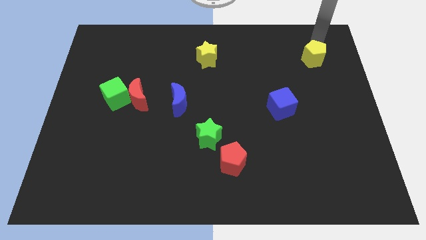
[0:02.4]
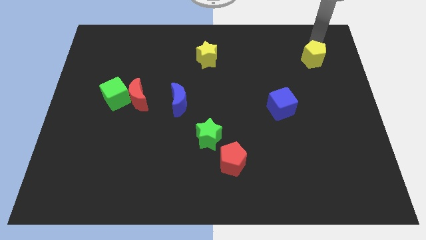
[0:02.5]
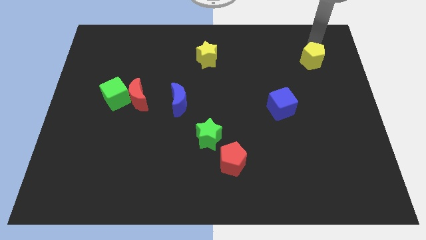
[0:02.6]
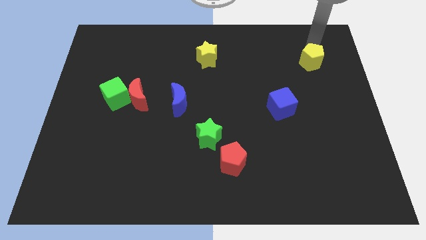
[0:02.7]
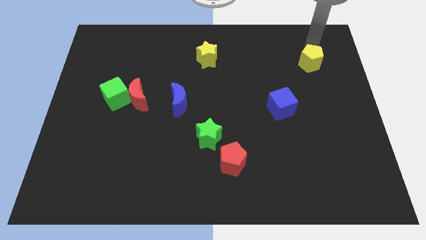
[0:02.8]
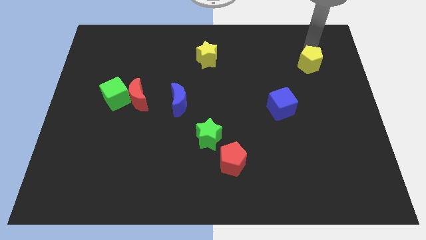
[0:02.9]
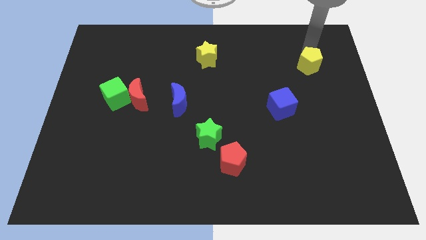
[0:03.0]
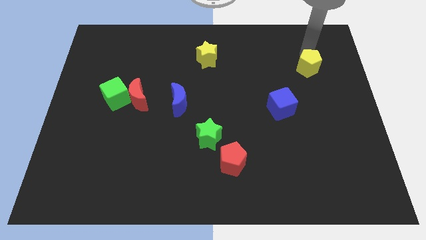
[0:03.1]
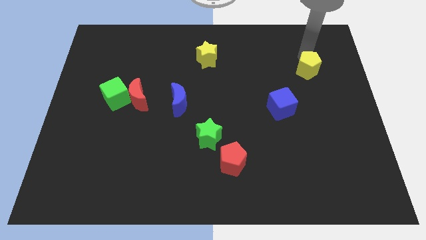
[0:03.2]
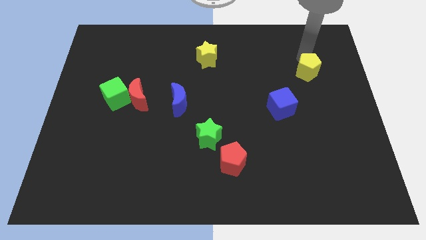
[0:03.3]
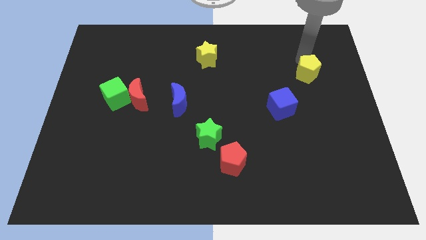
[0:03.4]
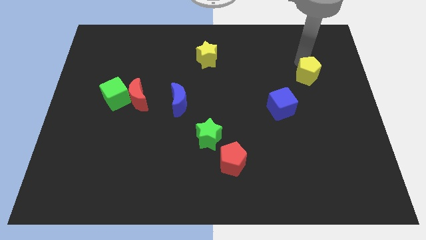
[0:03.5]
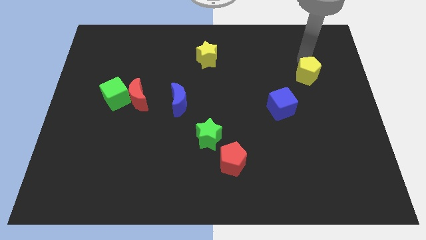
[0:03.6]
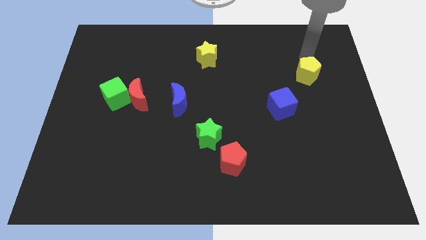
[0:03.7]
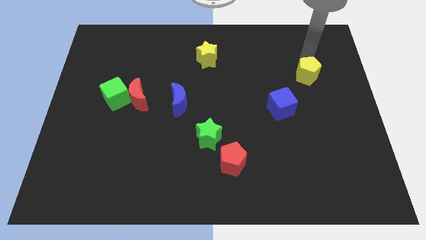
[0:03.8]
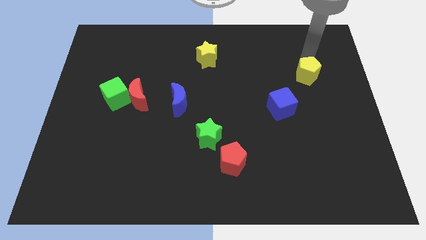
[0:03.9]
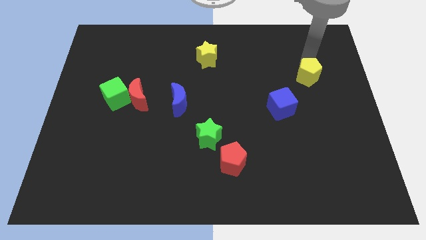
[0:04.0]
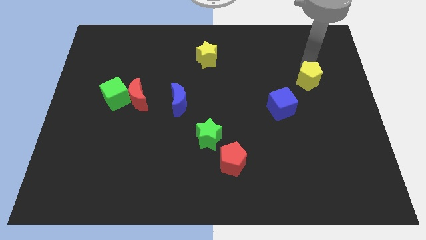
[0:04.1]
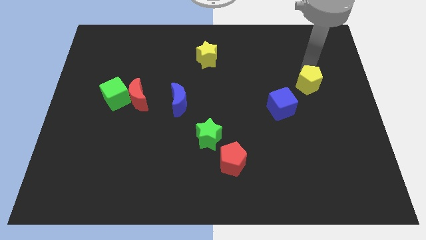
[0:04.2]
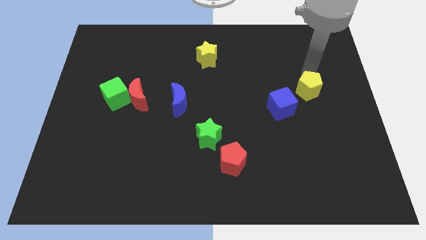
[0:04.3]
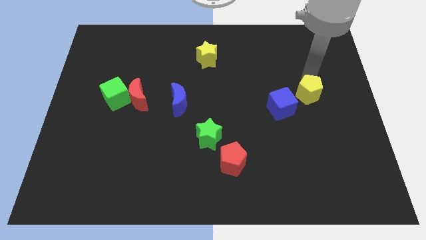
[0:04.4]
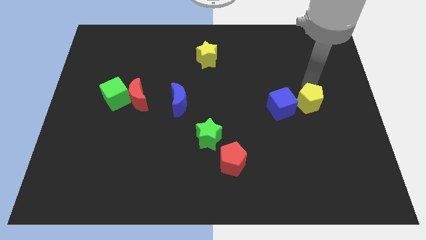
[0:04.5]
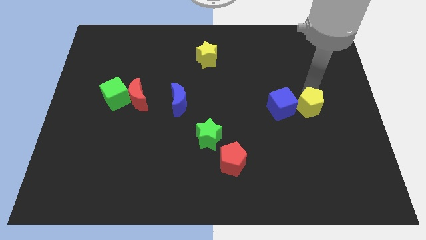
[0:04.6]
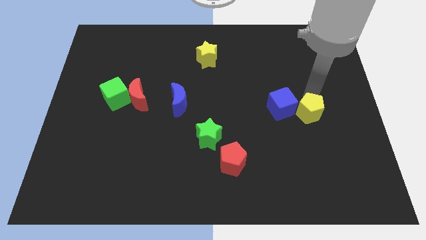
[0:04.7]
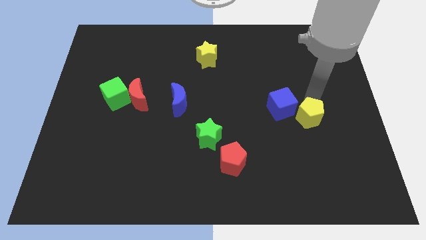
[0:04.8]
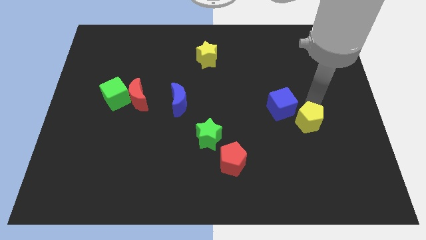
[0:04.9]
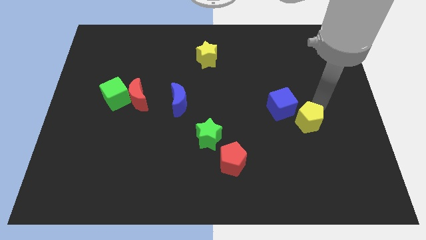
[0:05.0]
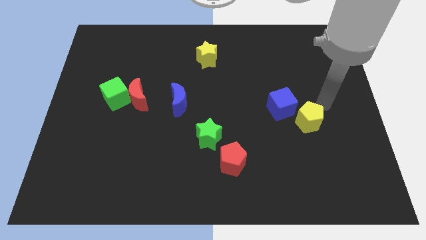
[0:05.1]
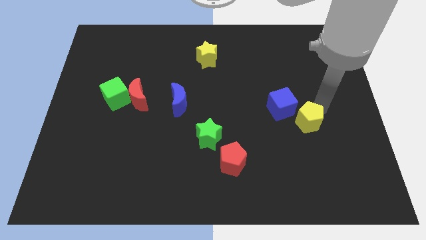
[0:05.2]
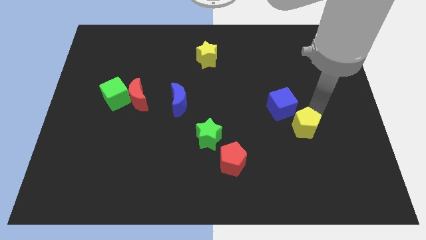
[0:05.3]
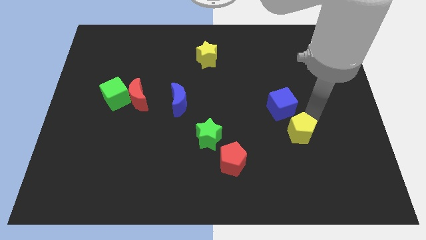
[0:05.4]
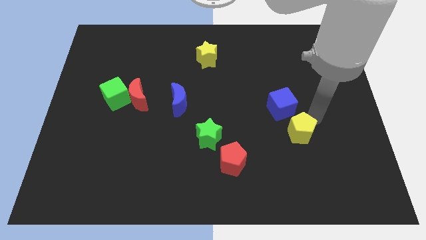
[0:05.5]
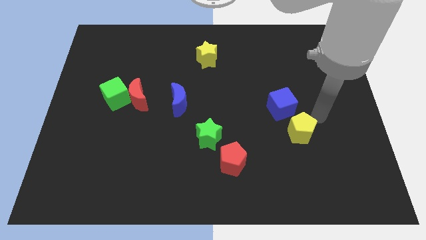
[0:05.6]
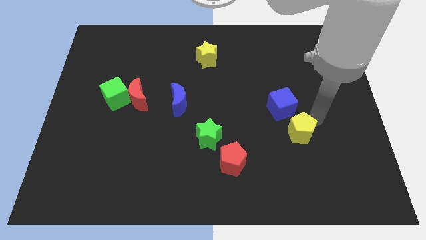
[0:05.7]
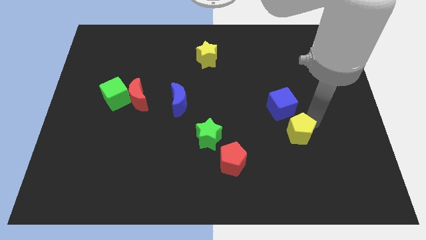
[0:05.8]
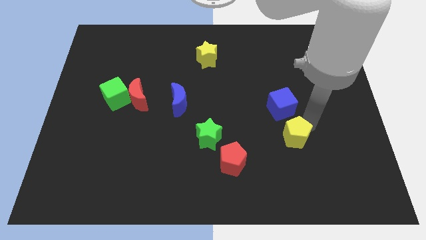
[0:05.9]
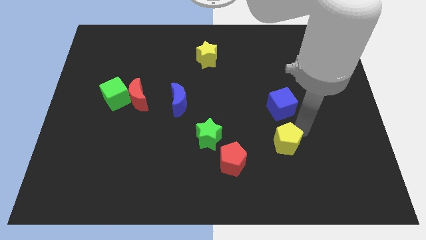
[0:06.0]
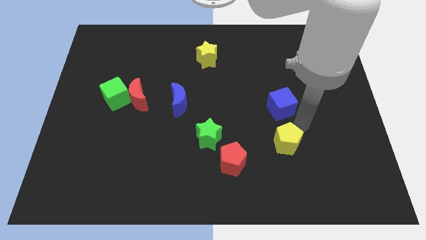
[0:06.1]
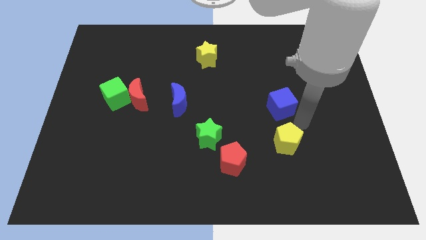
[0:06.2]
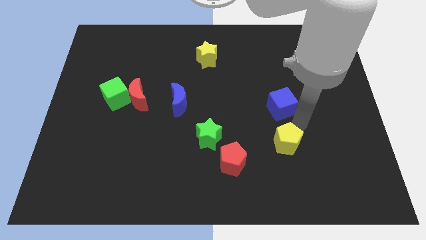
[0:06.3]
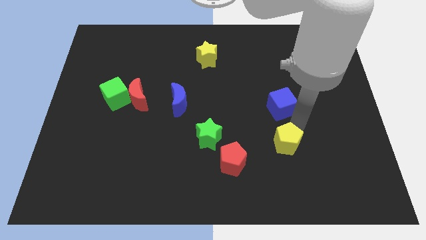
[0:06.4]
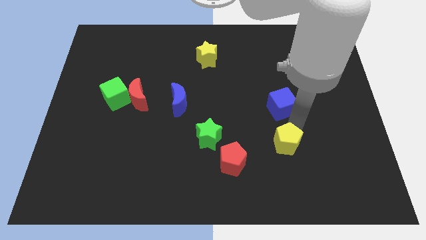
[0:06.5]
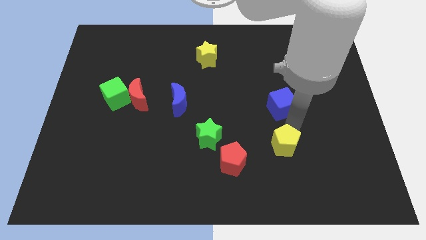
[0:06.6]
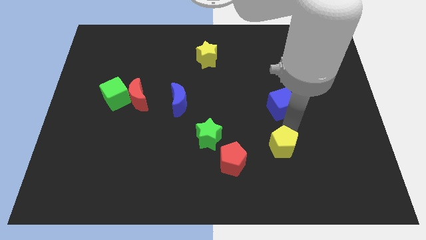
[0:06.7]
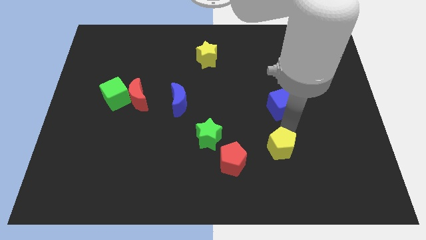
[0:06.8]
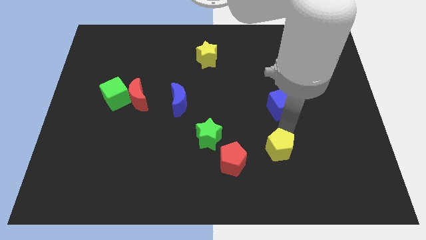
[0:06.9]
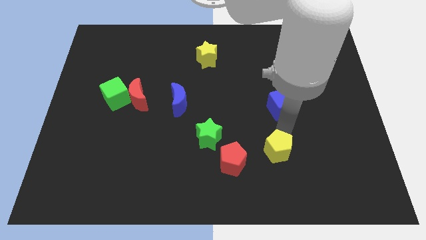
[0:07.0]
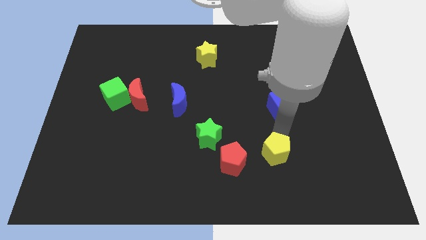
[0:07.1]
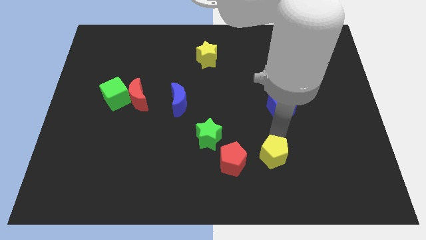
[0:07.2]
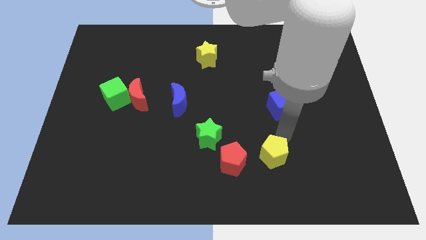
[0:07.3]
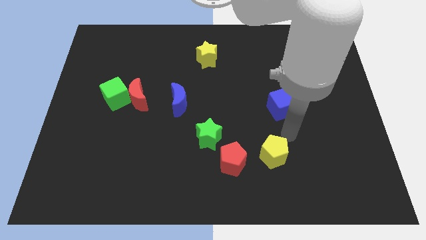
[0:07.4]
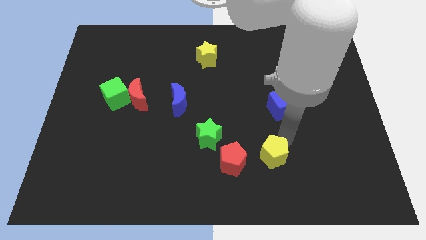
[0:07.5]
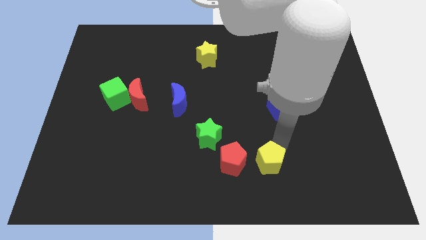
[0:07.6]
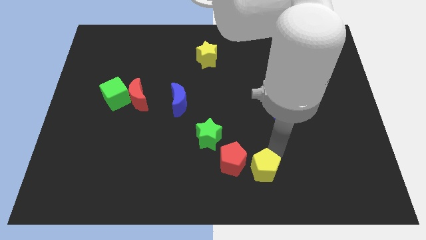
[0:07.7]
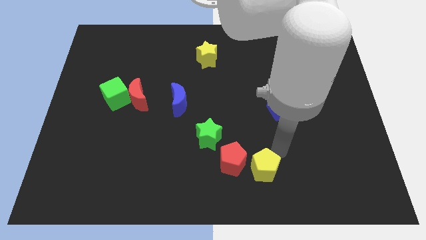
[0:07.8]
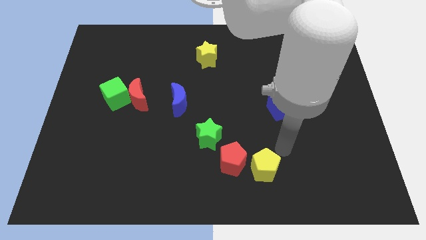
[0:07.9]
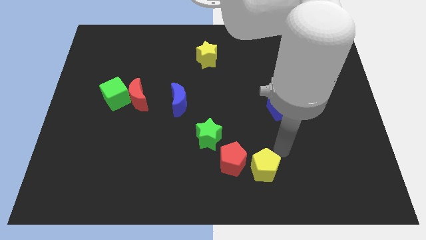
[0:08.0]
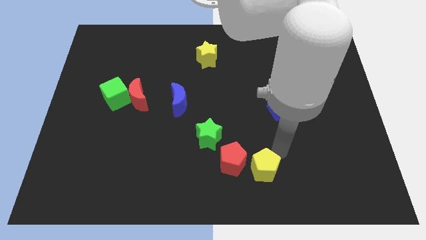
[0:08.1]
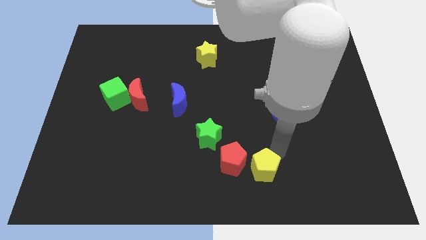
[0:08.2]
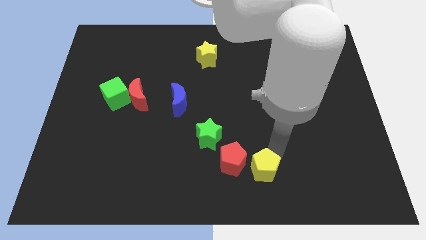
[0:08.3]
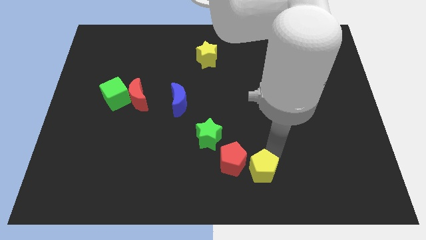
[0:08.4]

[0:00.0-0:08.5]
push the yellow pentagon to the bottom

→ **Exercise directions**
A complete and exact copy of the records is required. Exclude the pictures.

→ **Written answer**
[0:02.4]
[0:02.5]
[0:02.6]
[0:02.7]
[0:02.8]
[0:02.9]
[0:03.0]
[0:03.1]
[0:03.2]
[0:03.3]
[0:03.4]
[0:03.5]
[0:03.6]
[0:03.7]
[0:03.8]
[0:03.9]
[0:04.0]
[0:04.1]
[0:04.2]
[0:04.3]
[0:04.4]
[0:04.5]
[0:04.6]
[0:04.7]
[0:04.8]
[0:04.9]
[0:05.0]
[0:05.1]
[0:05.2]
[0:05.3]
[0:05.4]
[0:05.5]
[0:05.6]
[0:05.7]
[0:05.8]
[0:05.9]
[0:06.0]
[0:06.1]
[0:06.2]
[0:06.3]
[0:06.4]
[0:06.5]
[0:06.6]
[0:06.7]
[0:06.8]
[0:06.9]
[0:07.0]
[0:07.1]
[0:07.2]
[0:07.3]
[0:07.4]
[0:07.5]
[0:07.6]
[0:07.7]
[0:07.8]
[0:07.9]
[0:08.0]
[0:08.1]
[0:08.2]
[0:08.3]
[0:08.4]

[0:00.0-0:08.5]
push the yellow pentagon to the bottom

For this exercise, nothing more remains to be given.